Like many who own a Kindle, I have been known to download a lot of books with no interest in reading them because they are free. You know, just in case. When searching through a forum I grabbed this one despite, or maybe because, the author was quite obviously sock-puppeting (shut up Microsoft, it is a word!) to push his self-published book. Stuck in town; and with nothing but my phone’s Kindle app handy, I fired it up and gave it a fair go. I made it half way.
The author has some basic story teller abilities. While very trite, the quality of the ideas behind this book would hold up as a simplistic, by-the-numbers young adult book. After all, this is not the first author to use the farm boy who takes on his destiny trope. There was even an early scene involving a predator leaping right into a time-status field that was pretty intriguing.
But without some serious work the book will appeal to almost nobody. A recap of the beginning is in order. Orphaned shepherd Zam meets mysterious man, who passes on A QUEST then disappears while Zam’s head is turned. He is then freed from his masters service by the master’s son, because the son had a dream and knows he should have been nicer the young shepherd. Zam heads north, with no knowledge of what his quest really is. He enters a town where he actual mentions to the first person he meets that he is on A QUEST. After one day of archery practice(because he knows nothing about archery or sword work) he decides to take on a dragon. Guess if he succeeds, I will wait.
The simplistic plot is problematic, but not the real issue. I would have continued reading if the plot was simple but decently written. But the dialog was terrible. The main character spoke to himself, out loud, in completely unbelievable ways. Example, on his way to save yet another damsel in distress he is saved from one predator by another. His first thought? “Were it not for that bird, I would be dead now, and Raine would never be rescued.” No time for a “whew,” our Gary Stu Good Boy only thinks of others.

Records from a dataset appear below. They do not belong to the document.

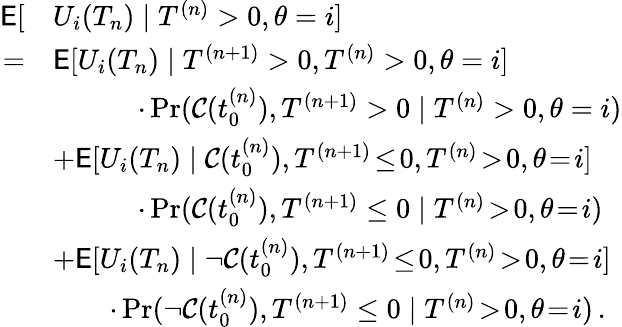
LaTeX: \begin{array}{rl}{\mathsf{E}[}&{U_{i}(T_{n})\mid T^{(n)}>0,\theta=i]}\\ {=}&{\mathsf{E}[U_{i}(T_{n})\mid T^{(n+1)}>0,T^{(n)}>0,\theta=i]}\\ &{\quad\quad\quad\cdot\operatorname*{Pr}(\mathcal{C}(t_{0}^{(n)}),T^{(n+1)}>0\mid T^{(n)}>0,\theta=i)}\\ &{+\mathsf{E}[U_{i}(T_{n})\mid\mathcal{C}(t_{0}^{(n)}),T^{(n+1)}\! \le\! 0,T^{(n)}\! >\! 0,\theta\! =\! i]}\\ &{\quad\quad\quad\cdot\operatorname*{Pr}(\mathcal{C}(t_{0}^{(n)}),T^{(n+1)}\le 0\mid T^{(n)}\! >\! 0,\theta\! =\! i)}\\ &{+\mathsf{E}[U_{i}(T_{n})\mid\neg\mathcal{C}(t_{0}^{(n)}),T^{(n+1)}\! \le\! 0,T^{(n)}\! >\! 0,\theta\! =\! i]}\\ &{\quad\quad\cdot\operatorname*{Pr}(\neg\mathcal{C}(t_{0}^{(n)}),T^{(n+1)}\le 0\mid T^{(n)}\! >\! 0,\theta\! =\! i)\, .}\end{array}
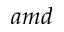
a m d
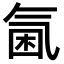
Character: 𣱣
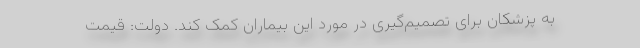
به پزشکان برای تصمیم‌گیری در مورد این بیماران کمک کند. دولت: قیمت
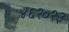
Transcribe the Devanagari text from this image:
४६२०२३
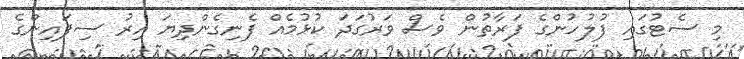
މި ސެޓުގައި ފުލުހުންގެ ފަރާތުން ވެސް ވަރުގަދަ ކުޅުމެއް ފެނިގެންދިޔަ އިރު ސިފައިންގެ
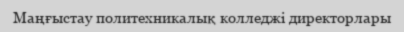
Маңғыстау политехникалық колледжі директорлары
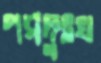
পরদুঃখ
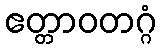
ဧတ္တာဝတဂ္ဂံ
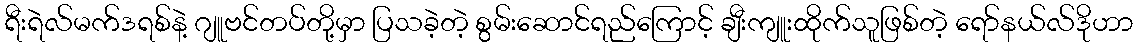
ရီးရဲလ်မက်ဒရစ်နဲ့ ဂျူဗင်တပ်တို့မှာ ပြသခဲ့တဲ့ စွမ်းဆောင်ရည်ကြောင့် ချီးကျူးထိုက်သူဖြစ်တဲ့ ရော်နယ်လ်ဒိုဟာ

Every single character had ESP or something like it as well. Almost no conversation between characters didn’t involve them ‘just knowing’ some important detail about the future or the past. A young girl KNOWS Zam is going to save her later, Zam paints a families lost daughter while trying to paint her mother, and old man can JUST TELL that Zam is trustworthy when first meeting him. I could keep listing examples.
Lastly, this paragraph… will be written… as every paragraph in the entire book was… that is with excess… punctuation.. and pauses for effect.
Wrote more than I meant to for a DNF, but that is because there was enough there to prove the author could have something here. As I said, with a lot of reworking the plot would make a good, easy read YA book. But as is, it was not ready for release.